【サイコダイブ】
主にサイバーパンクの世界観の作品において、人の精神世界に潜り込む技術、またその行為
人と接している時、たまにふとその人の心のビジョンみたいなものが、新作映画のトレーラーのように飛び込んでくる事がある。
楽しい会話をしていても、その心の映像は妙に暗く湿っていたりして、その理由を考察しているうちに、だんだんその人の生い立ちや育って来た環境などが鮮明に見えて来たりする。
僕はそれによって相手との適正な距離を測る。
このサイコダイブのような能力は、出逢った人との今後の付き合い方とか関係性を決めるのにすごく役に立つ。
もちろんトラブルになる時もあるけど、このサイコダイブ能力のおかげで、それすらも初めからある程度想定する事が出来る。
対処法さえ間違えなければ、僕自身がそのトラブルで精神的な被害を受ける事はない。
僕はHSPやエンパスと呼ばれる気質(良い気と悪い気、双方を感じやすい気質)があり、なおかつ小学校時代にイジメを体験している。
おそらくこのサイコダイブ能力はそのトラウマから来る対人恐怖症を避けるために、これまでの人生経験の中で無意識的に体得したものだと思う。
初めは人の精神世界の映像の解像度があまり良くなくて、当たり外れが多かったりしたけど、小説を読むようになってから、だんだんその解像度が上がって来たように思う。
小説は人の心や精神世界を言葉の表現を使って豊かに物語る芸術分野だから、言葉で表現された物語を自分の頭の中にイメージして再現する事で、目には見えない人の心に対する想像力とか共感能力を養う事が出来るのだろう。
逆に既に出来上がった画を見せられる他のメディアでは、自分の想像力を使う事がないので、その画によって記号化された人間像や出来事を刷り込まれてしまう。
その物語と似たような記号を示す人間や出来事に出くわすと、その記号から読み取れる情報をその人に当てはめてしまうようになる。
僕は初対面の人でも、会って間もない段階から意識的にその人の精神世界の映像を読み取る努力をしている。
サイコダイブ能力を使って、その人が僕にとって敵になる人か味方になる人かを早めに判断するようにしているのだ。
相手の精神世界を知り、親近感や同情を抱いた人に対しては温和に、嫌悪感を抱いた人には、無関心や冷たい態度をあえて取ったりする。

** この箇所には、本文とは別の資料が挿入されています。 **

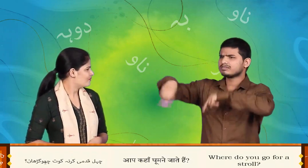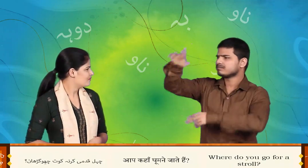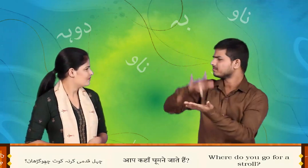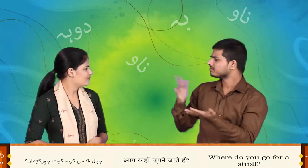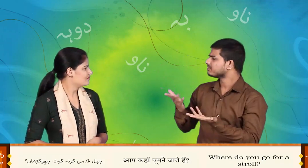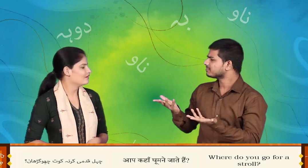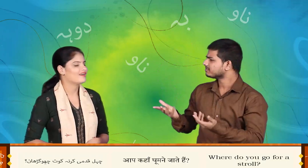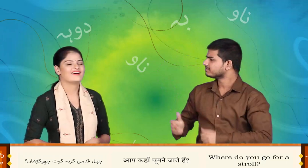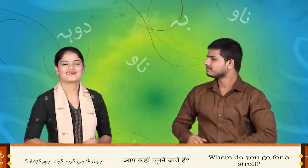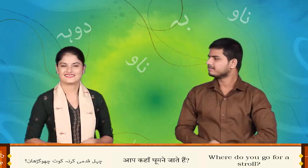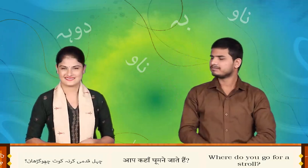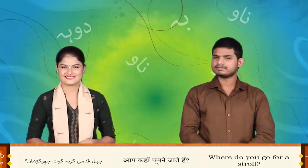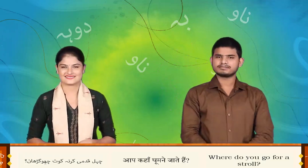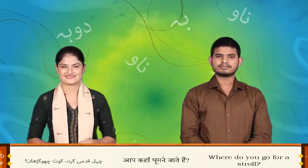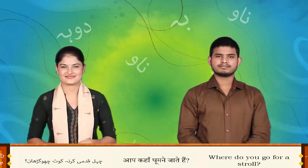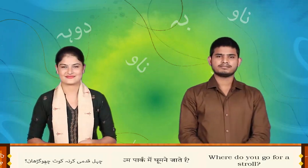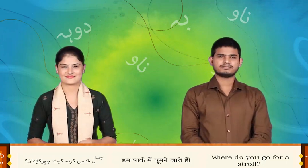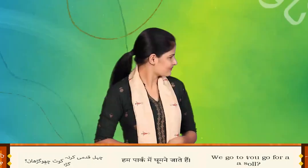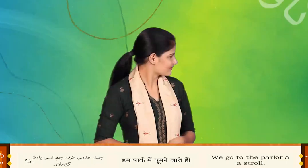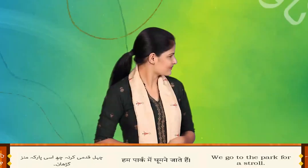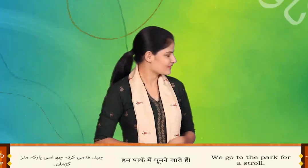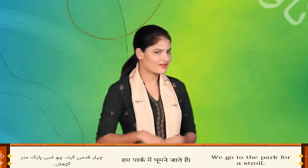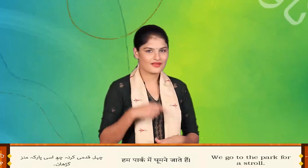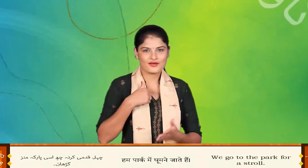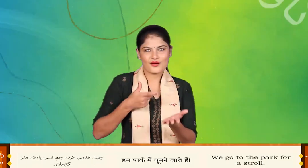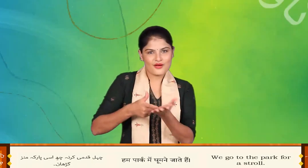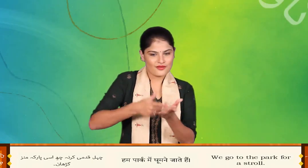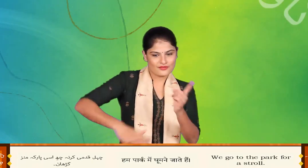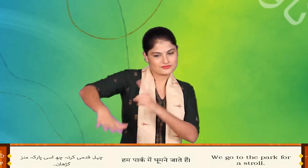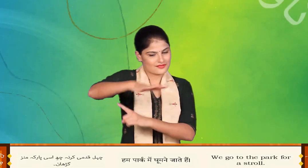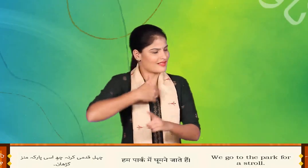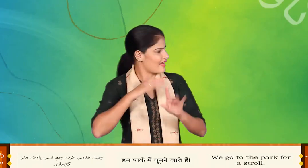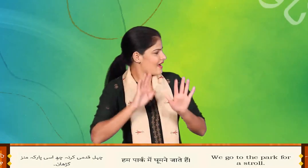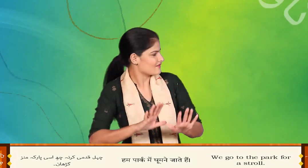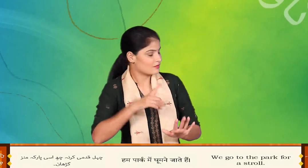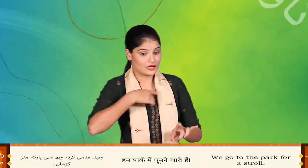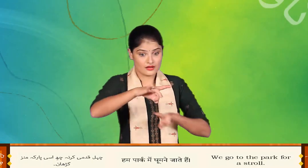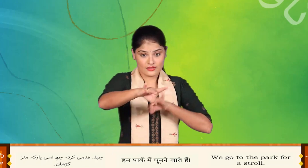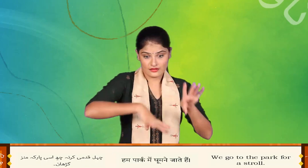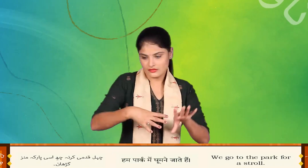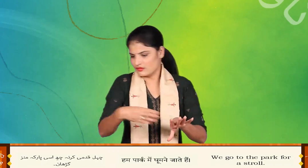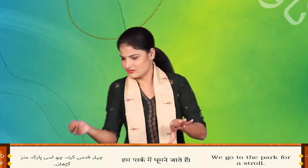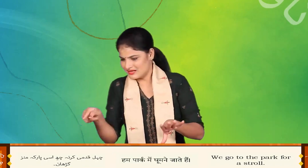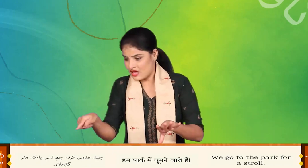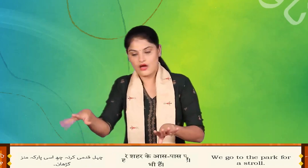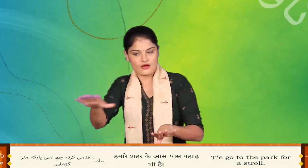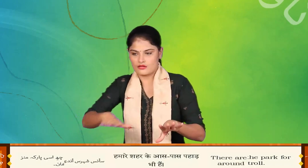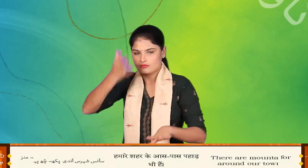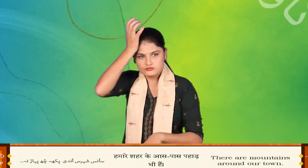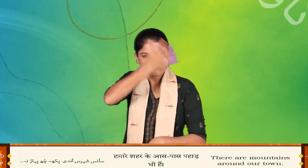करने कोच छुग गसान चहल कदमी करने छे अस पार्क मन्स गसान सरने

嫌悪感を抱いた人でも仕事などの理由で今後も関係性が続きそうであれば、なるべく敵対しないように接するけど、会話の内容は仕事の話だけと割り切る。
それ以外の話はほとんどせず、終始受け身の姿勢で必要以上に相手に興味を持たない。
だから普段はドライとかクールな人だという印象を持たれることが多いけど、自分が付き合っていきたい人たちとそうでない人たちの区別は必要だ。
人の命、人生は有限で、お金、時間、気も有限だ。
だから僕は、僕が親しみを感じる人たちになるべくそれらを使いたい。
嫌悪感を持っている人にまでお金や時間や気を使うのは心底馬鹿らしい。
出会った相手に親近感を抱くか嫌悪感を抱くかは、サイコダイブした映像の内容によるけど、たとえその人の人間性に何か問題があっても、それが理不尽な不幸や悲劇に起因するものであれば、良い関係が築ける努力をする。
ただ恵まれた環境に生まれ育ったにも関わらず、本人の自己責任で人間性が腐ってしまっている人とは距離を置く。
そういう人は差別意識が強かったり、他者に対する偏見を持っていたり、自己批判をせずに、自分優先で他人に責任転嫁する。
無理に関係性を築いても僕にとってプラスになる事はほとんどない。
HSPやエンパスは気を付けないと、他人にエネルギーを奪われてすぐに疲れてしまう。
日本人に多い気質みたいだけど、同じ民族同士であれば、僕のように精度の高い共感能力みたいなもので通じ合うところがあるんだと思う。
文化の違う他の国の人たちにも、このサイコダイブ能力が使えるように、今後も解像度を上げて、どの国の人たちにも使えるようにしたい。